2. Der Unterlassungsantrag (Antrag zu XLVIII.) ist ebenfalls zulässig. Er ist aber nicht begründet. Insoweit war der erstinstanzliche Beschluss abzuändern und der Antrag zurückzuweisen.

a) Nach § 23 Absatz 3 BetrVG steht dem Betriebsrat bei groben Verstößen des oder der Arbeitgeber*in gegen seine oder ihre betriebsverfassungsrechtlichen Pflichten ein Unterlassungsanspruch zu. Ein grober Verstoß liegt vor, wenn es sich um eine objektiv erhebliche und offensichtlich schwerwiegende Pflichtverletzung handelt. Auf ein Verschulden kommt es nicht an. Kein grober Verstoß ist hingegen gegeben, wenn es um eine schwierige, ungeklärte Rechtsfrage geht und der oder die Arbeitgeber*in einen vertretbaren Rechtsstandpunkt einnimmt (vergleiche BAG 9. März 2011- 7 ABR 137/09 – Rn. 15; BAG 19. Januar 2010 – 1 ABR 55/08 – Rn. 28; Fitting, BetrVG § 23 Rn. 63).
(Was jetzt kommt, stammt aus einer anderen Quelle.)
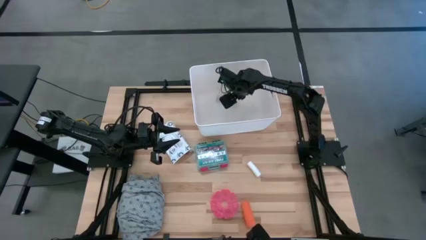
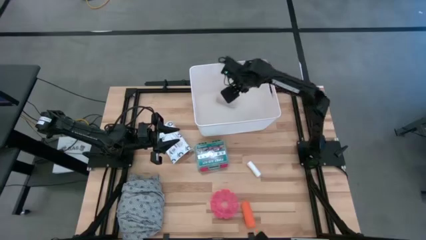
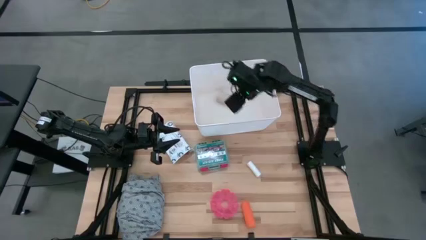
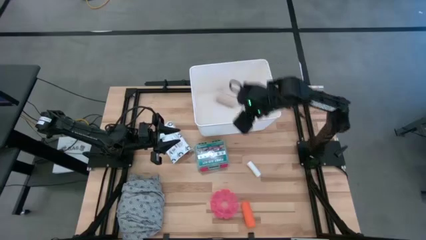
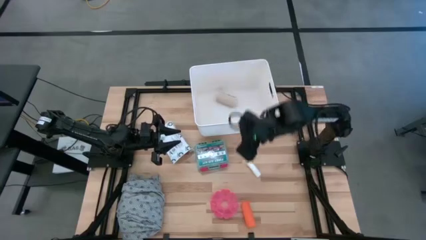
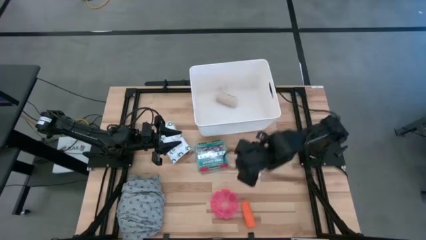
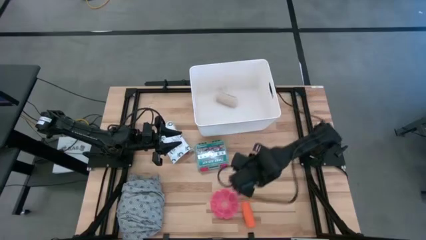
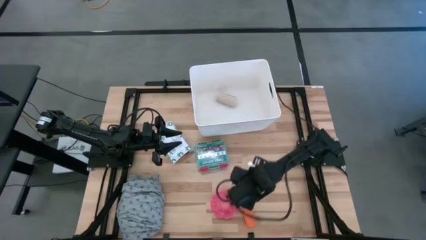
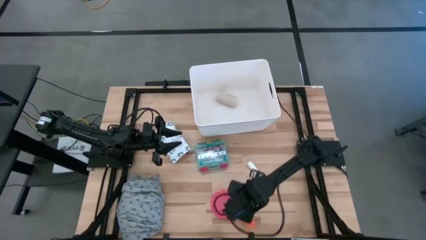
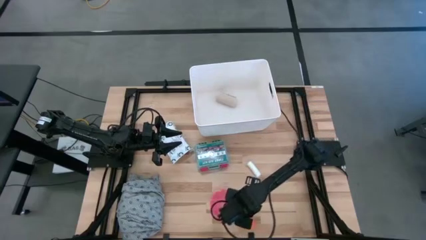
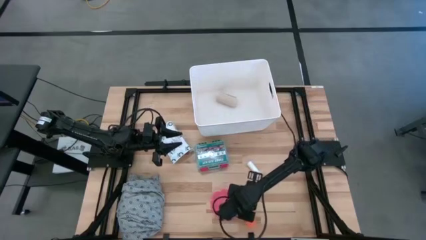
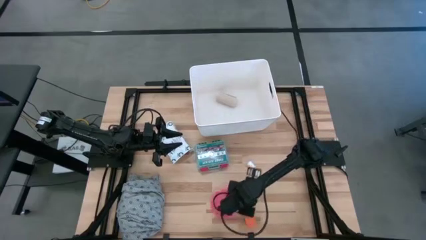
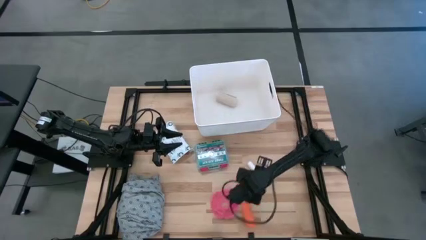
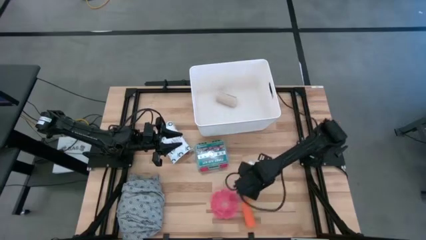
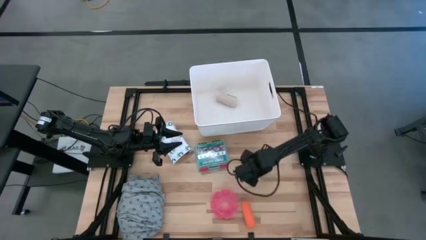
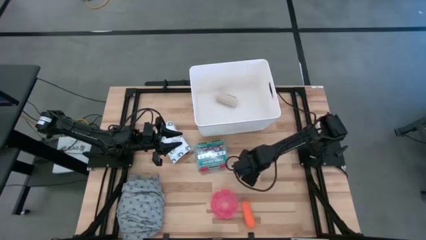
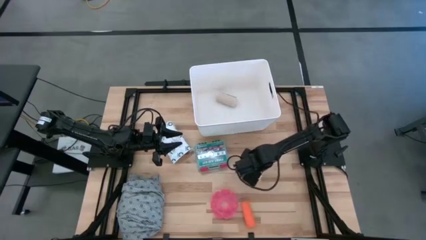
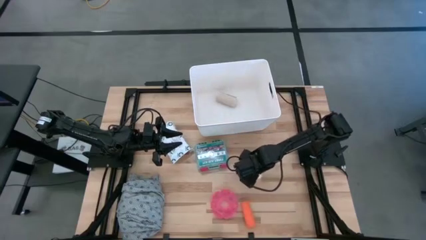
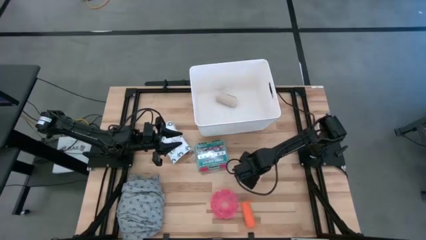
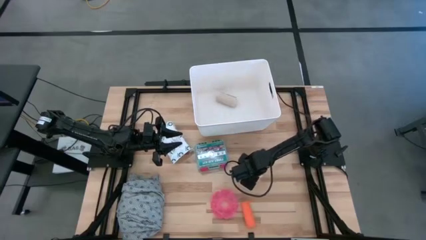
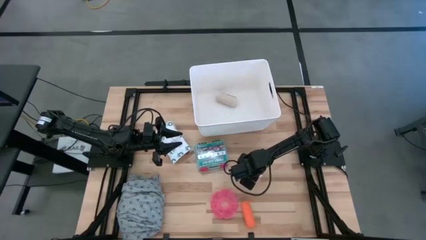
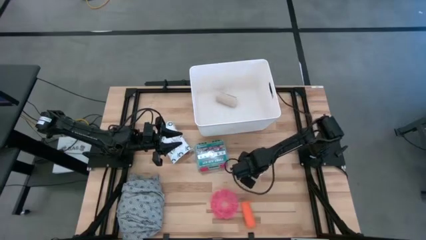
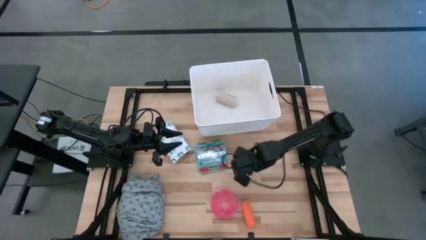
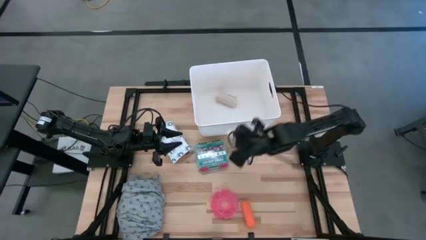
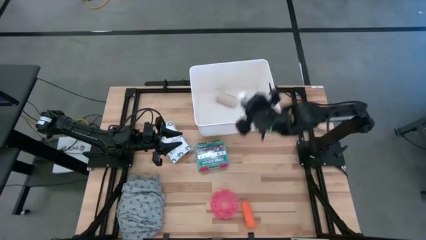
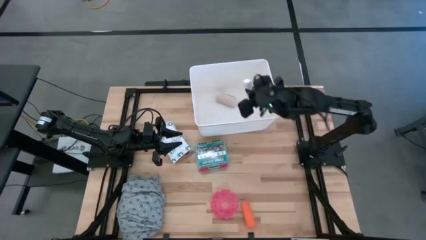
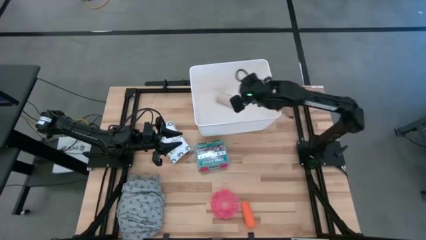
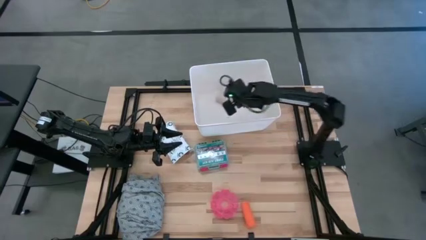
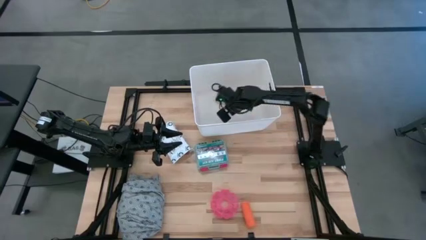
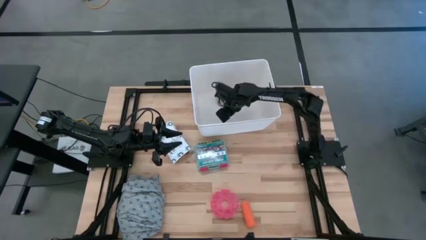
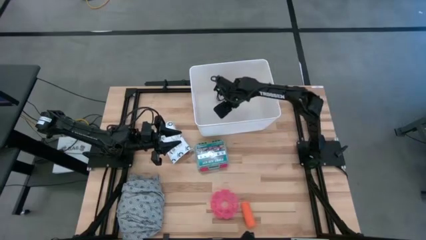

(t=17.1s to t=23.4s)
Task: Pick & place medical supplies in basket/bin
Put the white bandage into the white bin

b) Danach liegen die Voraussetzungen für einen Unterlassungsanspruch nicht vor. Die Arbeitgeberin hat vorliegend im Hinblick auf die Abgrenzung zwischen Arbeitnehmerüberlassung und einem freien Dienstvertrag oder einem Werkvertrag eine rechtlich noch vertretbare Position eingenommen.

C. Die Entscheidung ergeht nach § 2 Absatz 2 GKG (Gerichtskostengesetz) in Verbindung mit § 2a Absatz 1 Nr. 1 ArbGG gerichtskostenfrei.

D. Die gesetzlichen Voraussetzungen für die Zulassung der Rechtsbeschwerde nach § 72 Absatz 2, § 91 Absatz 1 Satz 2 ArbGG liegen nicht vor.